Lula segue também no radar de seus oponentes. Jair Bolsonaro (PSL) comparou Lula  aos líderes das facções criminosas PCC e Comando Vermelho por comandar o PT de dentro da prisão. Ele também disse que, se eleito, vai adotar uma grande pacote de medidas para estimular a economia moldes do que fez o presidente norte-americano, Donald Trump. “Vamos reduzir a carga tributária... Pela primeira vez vamos ter um presidente da República que vai ter um pacotão que todos vão aplaudir, semelhante um pouquinho ao do Trump nos Estados Unidos”, disse em visita ao mercado popular de Madureira, no Rio de Janeiro.

Enquanto Bolsonaro mira Lula, o STF está de olho no candidato do PSL. A Primeira Turma do STF deve decidir nesta terça-feira se recebe ou não denúncia contra Bolsonaro pelo crime de racismo, o que pode torná-lo réu pela terceira vez. Os ministros acreditam que a aceitação da denúncia, que geraria a discussão sobre a possibilidade de ele seguir candidato, pode acirrar ânimos e elevar a temperatura eleitoral, segundo destacou a Folha. 

Fora da corrida para as eleições, hoje é o último dia para que o presidente Michel Temer sancione as medidas provisórias aprovadas no Congresso sobre a greve dos caminhoneiros. 

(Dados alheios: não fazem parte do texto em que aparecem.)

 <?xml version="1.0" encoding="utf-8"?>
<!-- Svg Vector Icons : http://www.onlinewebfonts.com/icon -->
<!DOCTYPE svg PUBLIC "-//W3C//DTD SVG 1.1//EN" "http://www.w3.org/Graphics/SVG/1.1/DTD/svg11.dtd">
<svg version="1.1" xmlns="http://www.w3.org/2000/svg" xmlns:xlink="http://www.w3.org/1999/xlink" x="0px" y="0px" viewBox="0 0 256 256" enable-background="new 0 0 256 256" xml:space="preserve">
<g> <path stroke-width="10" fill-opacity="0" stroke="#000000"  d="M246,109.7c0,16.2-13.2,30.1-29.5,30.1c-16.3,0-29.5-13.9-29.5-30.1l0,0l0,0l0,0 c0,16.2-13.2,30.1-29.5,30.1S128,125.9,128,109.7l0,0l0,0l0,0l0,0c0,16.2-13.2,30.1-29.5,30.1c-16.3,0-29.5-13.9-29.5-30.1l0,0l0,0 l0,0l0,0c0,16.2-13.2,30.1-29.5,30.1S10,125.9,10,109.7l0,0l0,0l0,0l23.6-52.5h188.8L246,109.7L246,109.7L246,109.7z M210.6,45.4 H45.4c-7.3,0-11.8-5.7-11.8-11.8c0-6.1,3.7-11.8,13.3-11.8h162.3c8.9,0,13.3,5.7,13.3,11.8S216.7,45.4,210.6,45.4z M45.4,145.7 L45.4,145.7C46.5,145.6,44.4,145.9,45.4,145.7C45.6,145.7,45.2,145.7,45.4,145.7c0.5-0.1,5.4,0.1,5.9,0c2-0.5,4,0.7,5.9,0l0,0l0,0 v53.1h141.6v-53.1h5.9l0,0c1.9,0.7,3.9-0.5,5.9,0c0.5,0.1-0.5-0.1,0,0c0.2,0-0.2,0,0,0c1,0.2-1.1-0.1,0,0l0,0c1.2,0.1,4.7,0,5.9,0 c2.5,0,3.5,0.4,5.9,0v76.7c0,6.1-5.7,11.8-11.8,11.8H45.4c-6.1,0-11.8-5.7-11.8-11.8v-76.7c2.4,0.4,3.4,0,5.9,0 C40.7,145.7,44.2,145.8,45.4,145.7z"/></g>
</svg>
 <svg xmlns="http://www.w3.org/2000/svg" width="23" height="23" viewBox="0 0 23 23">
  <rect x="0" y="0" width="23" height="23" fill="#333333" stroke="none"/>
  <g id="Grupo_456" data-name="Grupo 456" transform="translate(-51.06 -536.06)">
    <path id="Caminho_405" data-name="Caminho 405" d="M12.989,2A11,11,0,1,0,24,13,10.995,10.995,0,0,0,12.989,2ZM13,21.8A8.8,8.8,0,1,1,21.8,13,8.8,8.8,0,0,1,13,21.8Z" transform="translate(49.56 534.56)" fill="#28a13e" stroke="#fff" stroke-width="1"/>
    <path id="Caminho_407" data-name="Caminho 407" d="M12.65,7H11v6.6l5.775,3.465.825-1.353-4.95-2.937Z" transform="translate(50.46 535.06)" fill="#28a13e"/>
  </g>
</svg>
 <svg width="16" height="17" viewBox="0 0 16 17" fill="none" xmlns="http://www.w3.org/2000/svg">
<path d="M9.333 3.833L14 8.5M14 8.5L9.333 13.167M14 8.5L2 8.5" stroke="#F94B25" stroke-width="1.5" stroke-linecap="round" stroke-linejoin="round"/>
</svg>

4. Ciro Gomes no Jornal Nacional

Em sabatina no Jornal Nacional, da Rede Globo, Ciro Gomes (PDT), defendeu-se sobre as suas declarações de que colocaria o "Ministério Público na caixinha" e que receberia o juiz federal Sérgio Moro a bala caso tentasse prendê-lo. O convidado desta terça-feira é Bolsonaro. Confira os principais pontos da fala dele clicando aqui. 

Vale ressaltar que o Jornal Nacional da Globo entrevista Bolsonaro nesta terça, Geraldo Alckmin (PSDB) na quarta- feira (29) e Marina Silva (Rede) na quinta-feira (30). 

5. Noticiário corporativo

A Suzano informou a contratação de R$ 786 milhões em notas de crédito de exportação e Crédito Produtor Rural com o Banco Safra, em meio à aquisição da Fibria. Em comunicado enviado à CVM (Comissão de Valores Mobiliários), a empresa informou que os recursos da captação serão usados para financiar suas exportações e atividades de custeio. A emissão tem prazo de oito anos.

O conselho de administração da Natura aprovou a emissão de R$ 1 bilhão em debêntures em sua 9ª emissão, com recursos a serem usados para refinanciamento de dívidas da companhia de cosméticos. A emissão será realizada em três séries, com data de 21 de setembro e vencimentos entre dois e quatro anos. A BR Properties teve perspectiva rebaixada a negativa pela S&P.

A Marfrig comunicou, em fato relevante, que foi aprovado um aditivo ao acordo de acionistas que estabelece uma política financeira para redução do nível de alavancagem da companhia, que pode levar a restrições à remuneração de acionistas e à aquisição de participações acionárias em caso de descumprimento. O terceiro aditivo do acordo de acionistas, assinado pela MMS Participações e o BNDES Participações, limita o nível de alavancagem medido pela dívida líquida/Ebitda consolidado ajustado a 2,5 vezes em 31 de dezembro de 2018 e a 3,5 vezes nos trimestres seguintes.

ANP (Agência Nacional do Petróleo, Gás Natural e Biocombustíveis) divulgou a metodologia de cálculo do preço de referência do óleo diesel. Entre os principais aperfeiçoamentos realizados na proposta após consulta e audiência públicas estão inclusão de custos de movimentação e armazenagem nos portos e consideração de custos de logística interna de entrega.